After everyone had tried their best to get the Arab Group to back down, and the hour was drawing late, India and China sided with Saudi Arabia and so the deal was done. The COP21 targets will not be based on science. Denial won the day.
The thing is, denial was already winning here in Paris. The debate over whether there could be a binding treaty signed, as has been promised since before Kyoto almost 20 years ago, is only necessary because the world's historically largest polluter, proud parent of 25% of anthropogenic greenhouse gas now heating the
,
atmosphere has a constitution that vests power over treaties in the hands of a Senate of 100 members, millionaires all, a hefty and safe majority of whom are climate deniers put where they are by the Koch brothers and other fossil money sources. And so we are treated to the bizarre spectacle of an entire world of 190 countries held hostage by 60 or 70 millionaire Republicans in the US Senate. Knowing they will never ratify a treaty forces all 190 countries to bend light around their star.
We are called homo sapiens sapiens, the smart, and now even smarter, variety of erect naked ape that diverged from other apes in the Pleistocene 2.5 million years ago. We got that name from Carl Linnaeus in 1758, but it may be overdue for an update. If the Holocene was our cradle, the Anthropocene is our assisted care facility. We have grown so demented perhaps we need to be straight jacketed so we don't hurt ourselves.
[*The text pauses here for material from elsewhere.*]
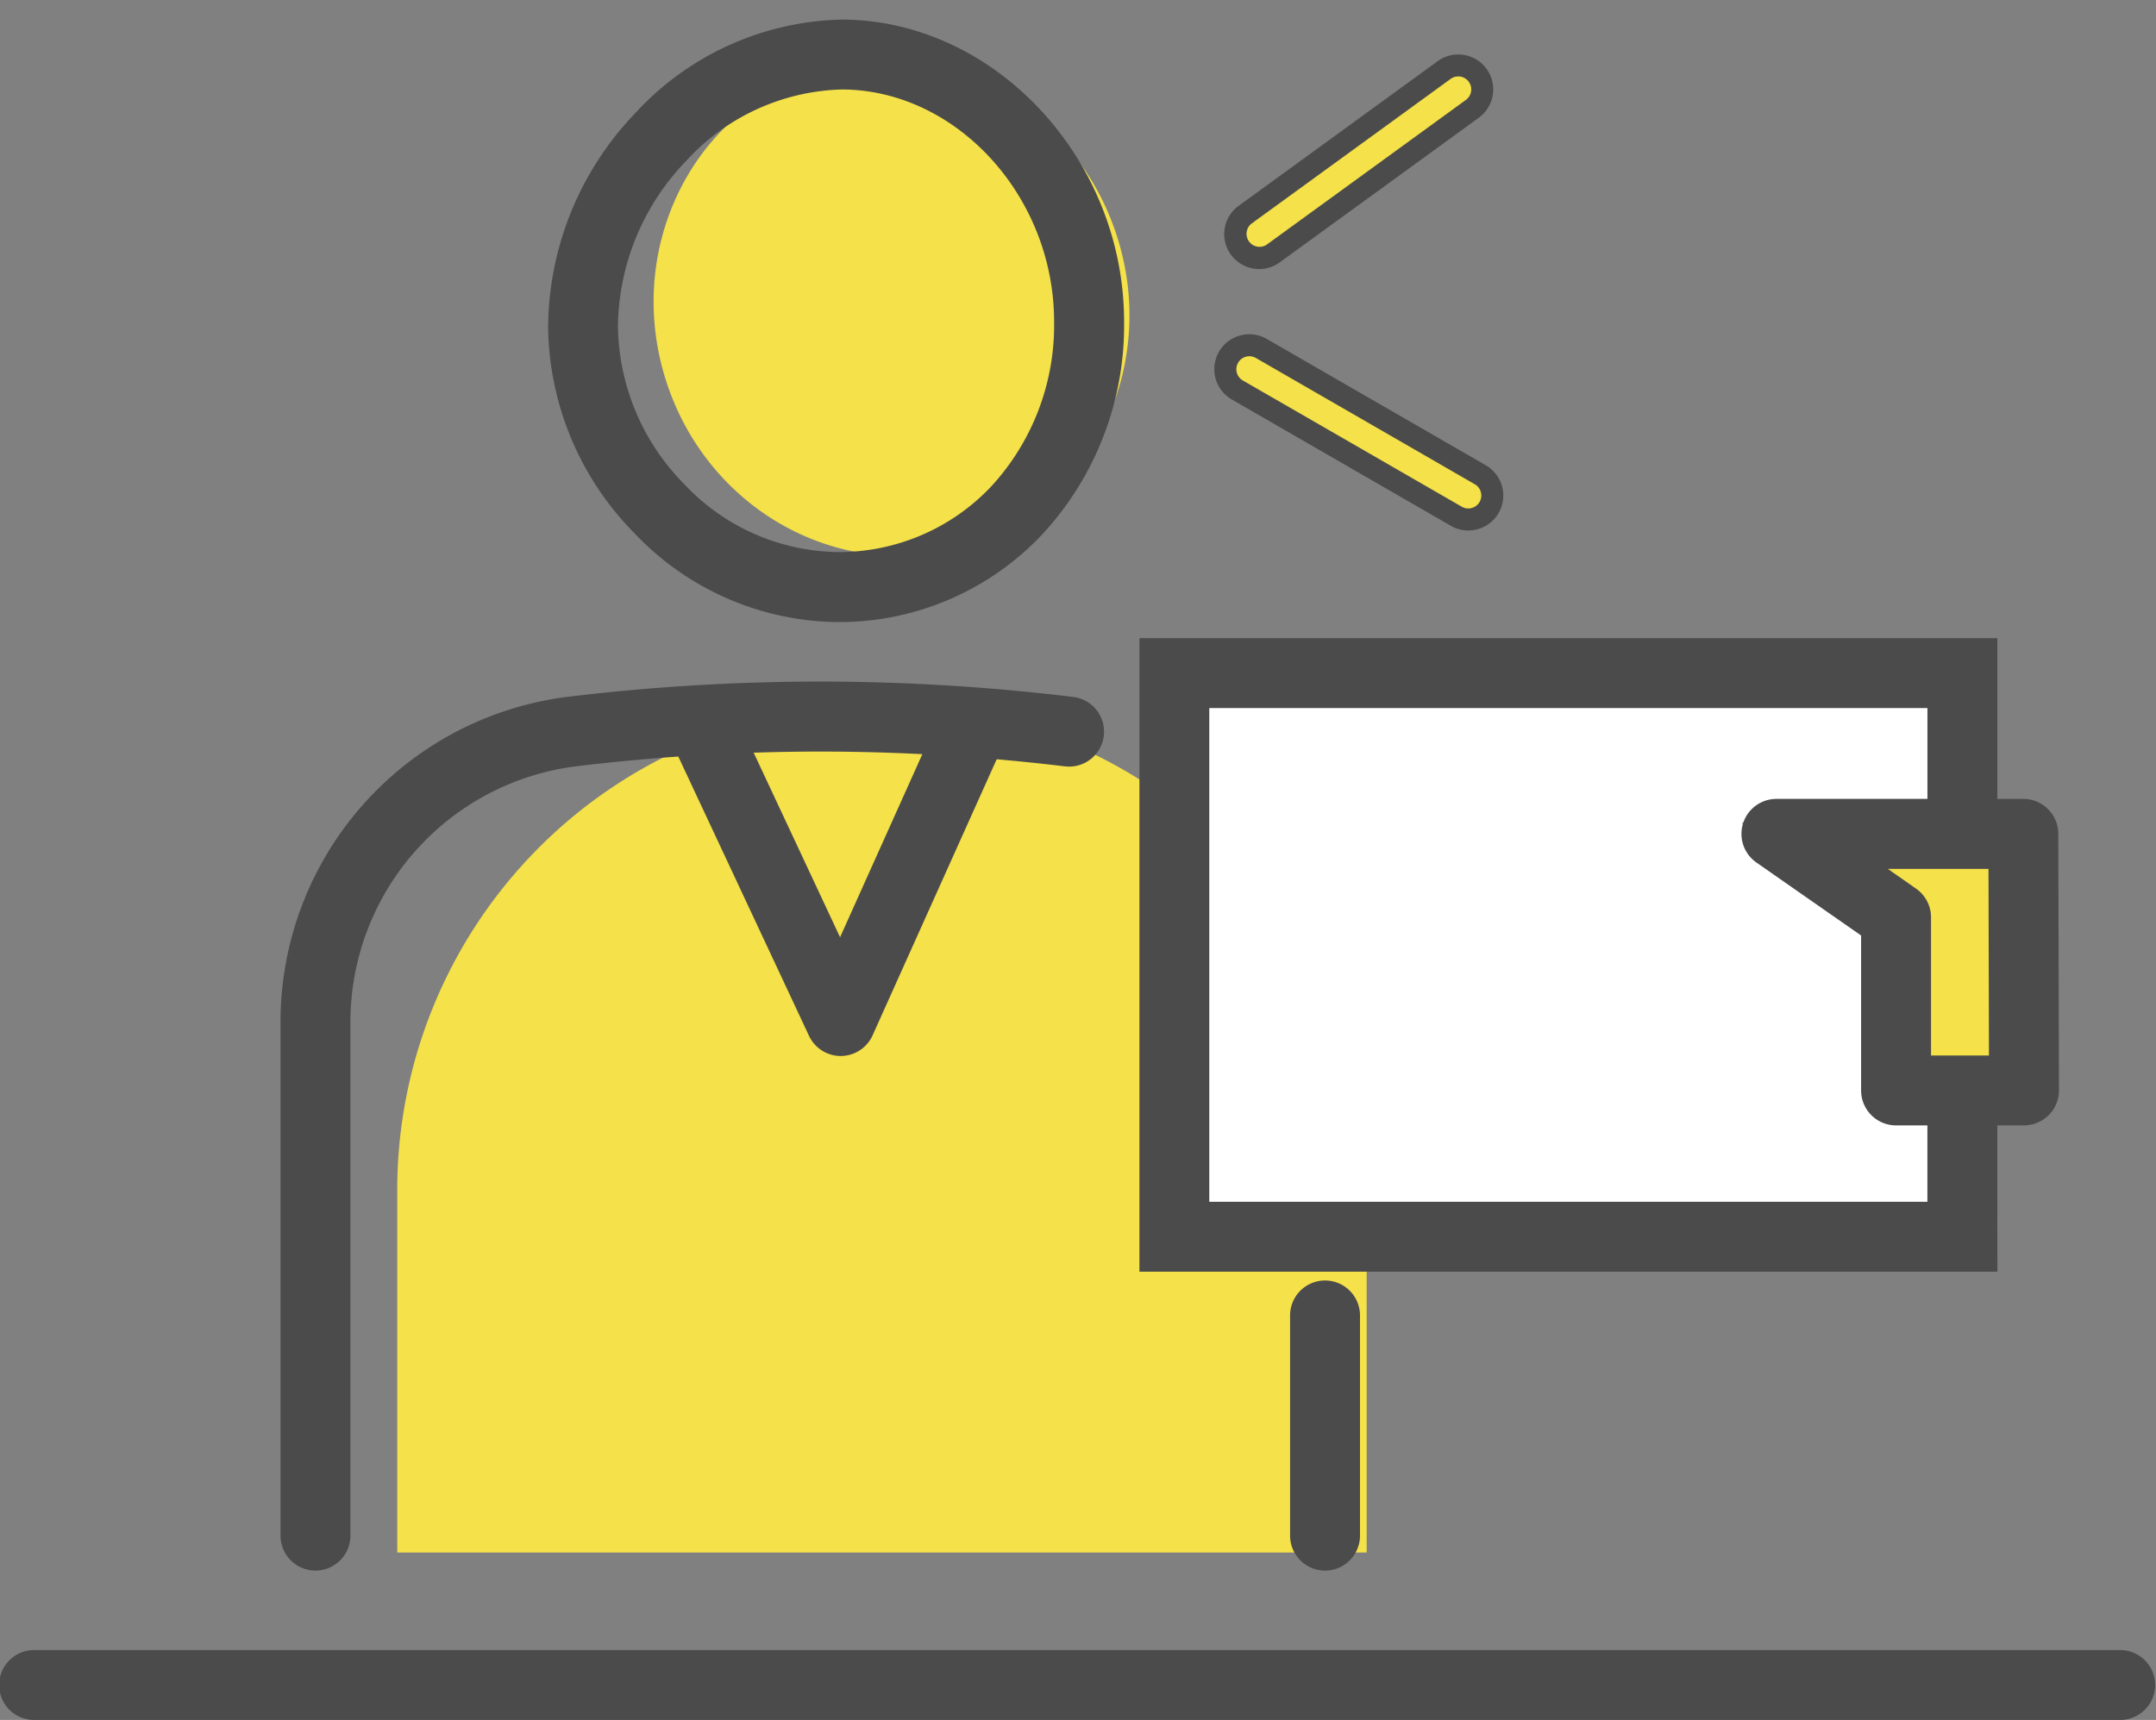 <svg xmlns="http://www.w3.org/2000/svg" width="98.103" height="78.284" viewBox="0 0 98.103 78.284"><rect x="0" y="0" width="98.103" height="78.284" fill="#808080" stroke="none"/><defs><style>.a{fill:#f5e149;}.b{fill:#fff;}.c{fill:#4b4b4b;}</style></defs><g transform="translate(0.5 0)"><path class="a" d="M22.056,0h0A22.056,22.056,0,0,1,44.112,22.056v16.5a0,0,0,0,1,0,0H0a0,0,0,0,1,0,0v-16.5A22.056,22.056,0,0,1,22.056,0Z" transform="translate(17.575 32.106)"/><path class="b" d="M4350.83,2292.237v6.345h-35.857v-25.655h35.857v19.31Z" transform="translate(-4262.247 -2242.29)"/><ellipse class="a" cx="10.774" cy="11.299" rx="10.774" ry="11.299" transform="translate(26.363 6.564) rotate(-17.735)"/><g transform="translate(0 1.392)"><g transform="translate(12.764 0)"><g transform="translate(12.172)"><path class="c" d="M4218.49,2185.342h-.046a12.412,12.412,0,0,1-8.861-3.921,13.068,13.068,0,0,1-3.764-9.017,13.7,13.7,0,0,1,3.825-9.379h0a12.631,12.631,0,0,1,9.029-4.105h.086c6.655.062,12.27,6.133,12.268,13.257a13.493,13.493,0,0,1-3.611,9.357A12.189,12.189,0,0,1,4218.49,2185.342Zm.178-24.241a10.442,10.442,0,0,0-7.441,3.424h0a11.5,11.5,0,0,0-3.227,7.865,10.9,10.9,0,0,0,3.149,7.513,10.25,10.25,0,0,0,7.3,3.257h.042a10.023,10.023,0,0,0,7.338-3.129,11.323,11.323,0,0,0,3.011-7.857c0-5.951-4.624-11.022-10.1-11.074Zm-8.232,2.674h0Z" transform="translate(-4205.818 -2158.92)"/><path class="c" d="M4218.49,2185.842h-.046a12.911,12.911,0,0,1-9.221-4.073,13.567,13.567,0,0,1-3.9-9.361,14.2,14.2,0,0,1,3.962-9.727,13.131,13.131,0,0,1,9.392-4.261h.089c6.922.064,12.767,6.365,12.765,13.757a13.991,13.991,0,0,1-3.749,9.7A12.684,12.684,0,0,1,4218.49,2185.842Zm.179-26.422a12.128,12.128,0,0,0-8.663,3.949,13.194,13.194,0,0,0-3.687,9.032,12.569,12.569,0,0,0,3.623,8.672,11.915,11.915,0,0,0,8.5,3.769h.044a11.694,11.694,0,0,0,8.563-3.652,13,13,0,0,0,3.474-9.013c0-6.855-5.389-12.7-11.773-12.756Zm-.174,24.241h-.047a10.745,10.745,0,0,1-7.658-3.409,11.4,11.4,0,0,1-3.291-7.857,12.007,12.007,0,0,1,3.364-8.212,10.937,10.937,0,0,1,7.8-3.58h.076c5.75.054,10.6,5.354,10.6,11.574a11.819,11.819,0,0,1-3.149,8.2A10.515,10.515,0,0,1,4218.5,2183.661Zm.244-22.06h-.071a9.938,9.938,0,0,0-7.078,3.268,11,11,0,0,0-3.09,7.518,10.4,10.4,0,0,0,3.009,7.168,9.756,9.756,0,0,0,6.948,3.1h.042a9.525,9.525,0,0,0,6.973-2.973,10.827,10.827,0,0,0,2.874-7.513C4228.346,2166.492,4223.947,2161.65,4218.739,2161.6Zm-8.3,2.674,0-1h0Z" transform="translate(-4205.818 -2158.92)"/></g><path class="c" d="M4338.539,2394.964a1.091,1.091,0,0,1-1.091-1.091v-9.983a1.091,1.091,0,1,1,2.181,0v9.983A1.091,1.091,0,0,1,4338.539,2394.964Z" transform="translate(-4291.51 -2325.369)"/><path class="c" d="M4338.539,2395.464a1.593,1.593,0,0,1-1.591-1.591v-9.983a1.591,1.591,0,1,1,3.181,0v9.983A1.593,1.593,0,0,1,4338.539,2395.464Zm0-12.166a.592.592,0,0,0-.591.591v9.983a.591.591,0,1,0,1.181,0v-9.983A.591.591,0,0,0,4338.539,2383.3Z" transform="translate(-4291.51 -2325.369)"/><path class="c" d="M4159.458,2315.843a1.091,1.091,0,0,1-1.091-1.091v-23.346A14.418,14.418,0,0,1,4171,2277.068a95.1,95.1,0,0,1,22.882,0,1.091,1.091,0,0,1-.263,2.166,93.413,93.413,0,0,0-10.97-.677h-.219a93.242,93.242,0,0,0-11.169.674,12.235,12.235,0,0,0-10.712,12.172v23.346A1.091,1.091,0,0,1,4159.458,2315.843Z" transform="translate(-4158.367 -2246.249)"/><path class="c" d="M4159.458,2316.343a1.593,1.593,0,0,1-1.591-1.591v-23.346a14.919,14.919,0,0,1,13.072-14.834,95.936,95.936,0,0,1,11.48-.693h.236a95.961,95.961,0,0,1,11.285.7,1.591,1.591,0,1,1-.383,3.159,92.916,92.916,0,0,0-10.911-.673h-.217a92.785,92.785,0,0,0-11.109.67,11.734,11.734,0,0,0-10.272,11.676v23.346A1.593,1.593,0,0,1,4159.458,2316.343Zm22.961-39.464a94.951,94.951,0,0,0-11.36.686,13.918,13.918,0,0,0-12.192,13.842v23.346a.591.591,0,0,0,1.182,0v-23.346a12.735,12.735,0,0,1,11.152-12.669,93.77,93.77,0,0,1,11.229-.677h.219a93.909,93.909,0,0,1,11.03.68.6.6,0,0,0,.072,0h0a.591.591,0,0,0,.069-1.178,94.93,94.93,0,0,0-11.167-.688Z" transform="translate(-4158.367 -2246.249)"/></g><path class="c" d="M4204.62,2450.4H4109.7a1.091,1.091,0,1,1,0-2.181h94.921a1.091,1.091,0,0,1,0,2.181Z" transform="translate(-4108.608 -2374.008)"/><path class="c" d="M4204.62,2450.9H4109.7a1.591,1.591,0,1,1,0-3.181h94.921a1.591,1.591,0,0,1,0,3.181Zm-94.921-2.181a.591.591,0,1,0,0,1.181h94.921a.591.591,0,0,0,0-1.181Z" transform="translate(-4108.608 -2374.008)"/><path class="c" d="M4348.76,2296.511h-38.039v-27.836h38.039v8.508h-2.182v-6.327H4312.9v23.473h33.676v-5.255h2.182Z" transform="translate(-4258.875 -2240.521)"/><path class="c" d="M4349.26,2297.011h-39.039v-28.836h39.039v9.508h-3.182v-6.327H4313.4v22.473h32.676v-5.255h3.182Zm-38.039-1h37.039v-6.436h-1.182v5.255H4312.4v-24.473h34.676v6.327h1.182v-7.508h-37.039Z" transform="translate(-4258.875 -2240.521)"/><path class="c" d="M4234.2,2293.224a1.092,1.092,0,0,1-.988-.629l-6.356-13.584a1.091,1.091,0,0,1,1.976-.925l5.35,11.431,5.079-11.3a1.091,1.091,0,1,1,1.99.894l-6.055,13.474a1.09,1.09,0,0,1-.986.643Z" transform="translate(-4196.444 -2247.051)"/><path class="c" d="M4234.209,2293.724h-.011a1.6,1.6,0,0,1-1.441-.917l-6.356-13.584a1.593,1.593,0,0,1,.766-2.115,1.573,1.573,0,0,1,.673-.15,1.6,1.6,0,0,1,1.442.917l4.887,10.443,4.632-10.31a1.591,1.591,0,0,1,2.939.087,1.576,1.576,0,0,1-.038,1.217l-6.054,13.473a1.594,1.594,0,0,1-1.439.938Zm-6.369-15.766a.578.578,0,0,0-.249.056.592.592,0,0,0-.285.786l6.356,13.583a.594.594,0,0,0,.536.341h.006a.591.591,0,0,0,.533-.348l6.055-13.474a.591.591,0,0,0-.538-.833.593.593,0,0,0-.54.349l-5.526,12.3-.462-.988-5.35-11.431A.594.594,0,0,0,4227.84,2277.958Z" transform="translate(-4196.444 -2247.051)"/><g transform="translate(79.251 35.474)"><path class="a" d="M4433.036,2301.459h-11.23l5.438,3.792v7.884h5.822Z" transform="translate(-4420.715 -2300.368)"/><path class="c" d="M4420.214,2300.959h13.32v.5l.032,12.178h-6.824v-8.123Zm12.323,1H4423.4l4.347,3.031v7.645h4.821Z" transform="translate(-4420.715 -2300.368)"/><path class="c" d="M4429.9,2311.064h-5.822a1.091,1.091,0,0,1-1.091-1.09v-7.315l-4.971-3.466a1.091,1.091,0,0,1,.624-1.986h11.23a1.09,1.09,0,0,1,1.09,1.088l.03,11.676a1.089,1.089,0,0,1-1.091,1.093Zm-4.731-2.181h3.638l-.024-9.495h-6.671l2.591,1.807a1.09,1.09,0,0,1,.467.894Z" transform="translate(-4417.554 -2297.207)"/><path class="c" d="M4429.9,2311.564h-5.822a1.592,1.592,0,0,1-1.591-1.59v-7.054l-4.757-3.317a1.591,1.591,0,0,1,.91-2.9h11.23a1.592,1.592,0,0,1,1.59,1.588l.03,11.675a1.579,1.579,0,0,1-.464,1.128A1.6,1.6,0,0,1,4429.9,2311.564Zm-11.26-13.857a.591.591,0,0,0-.337,1.076l5.185,3.615v7.576a.591.591,0,0,0,.591.59h5.822a.592.592,0,0,0,.418-.173.585.585,0,0,0,.173-.419l-.03-11.676a.591.591,0,0,0-.59-.59Zm10.668,11.676h-4.639v-7.293a.589.589,0,0,0-.252-.484l-3.9-2.718h8.761v.5Zm-3.639-1h2.636l-.021-8.495h-4.582l1.286.9a1.59,1.59,0,0,1,.681,1.3Z" transform="translate(-4417.554 -2297.207)"/></g><g transform="translate(55.255 1.587)"><path class="a" d="M4335.064,2222.689a1.085,1.085,0,0,1-.544-.146l-9.968-5.75a1.091,1.091,0,0,1,1.091-1.89l9.967,5.75a1.09,1.09,0,0,1-.546,2.035Z" transform="translate(-4324.007 -2202.022)"/><path class="c" d="M4335.064,2223.189a1.594,1.594,0,0,1-.794-.213l-9.968-5.75a1.591,1.591,0,0,1,1.59-2.757l9.967,5.751a1.59,1.59,0,0,1-.8,2.968Zm-9.964-7.931a.591.591,0,0,0-.3,1.1l9.968,5.749a.581.581,0,0,0,.294.079.593.593,0,0,0,.513-.295.59.59,0,0,0-.216-.807l-9.967-5.75A.581.581,0,0,0,4325.1,2215.258Z" transform="translate(-4324.007 -2202.022)"/><path class="a" d="M4326.853,2173.875a1.091,1.091,0,0,1-.643-1.973l9.059-6.586a1.091,1.091,0,1,1,1.283,1.765l-9.06,6.585A1.084,1.084,0,0,1,4326.853,2173.875Z" transform="translate(-4325.311 -2165.108)"/><path class="c" d="M4326.853,2174.375a1.593,1.593,0,0,1-1.288-.656,1.589,1.589,0,0,1,.351-2.221l9.059-6.586a1.591,1.591,0,1,1,1.871,2.574l-9.059,6.585A1.578,1.578,0,0,1,4326.853,2174.375Zm9.057-8.767a.59.59,0,0,0-.348.113l-9.058,6.585a.591.591,0,0,0,.694.956l9.06-6.586a.591.591,0,0,0-.348-1.069Z" transform="translate(-4325.311 -2165.108)"/></g></g></g></svg>

When we think of what sets humans apart from other animals, we tend to think of qualities like subjectivity, self-awareness, sentience, sapience, and the ability to perceive the relationship between oneself and one's environment. Many philosophers divide consciousness into phenomenal consciousness which is experience itself, and access consciousness, which is the processing of the things in experience.
If the Climate Conference in Paris tells us anything, it is that while we may yet retain our subjectivity, self-awareness, and communicative capabilities, we are steadily degrading our sentience, sapience, and perspective of just how far divorced we have become from the natural world.
That a small number of heads of countries who stand to personally profit in the extremely short term from kickbacks from fossil fuel industries can thwart an earnest and impassioned attempt by the majority of humanity to arrest climate Armageddon tells us that not only has the UN multilateral consensus process failed, but so have we all.
And so, like the Elves of Middle Earth, we pass into the West, taking our science with us.
At the climate conference in Paris, denial has gained an upper hand over bargaining, as Saudi Arabia, speaking for (openly) the Arab States and (indirectly but transparently) for the US, Canada and Australia, as well as other oil producing countries, has blocked the report of the Structured Expert Dialogue from reaching the floor of the plenary for consideration.
Barred were the 70 Wise Men's recommendations, such as discarding any notion that 2 degrees, or even 1.5 degrees, can be considered in any way safe, or that there are somehow remaining parking spaces in the atmosphere that India and China can take their sweet time to fill by building more coal plants and fracking.
At a late night session on Thursday, while several small committees took red-pencils to a number of bracketed items on the negotiated text, striking items like adaptation finance (too “open-ended”) and kickbacks for avoided deforestation, the Saudi's objected to “anything of substance” in the Structured Expert Review being reported to the plenary.
To recap what we described here at the start of the week, the Structured Expert Dialogue was begun in 2013 and completed in 2015, released in draft in Bonn, watered down for presentation at the Summit, and then scheduled for release here this week. Saudi Arabia drew its line in the sand and refused to back down. Procedural recommendations, such as periodic science reviews every five years beginning in 2020, were okay to mention. Just nothing of substance from the report.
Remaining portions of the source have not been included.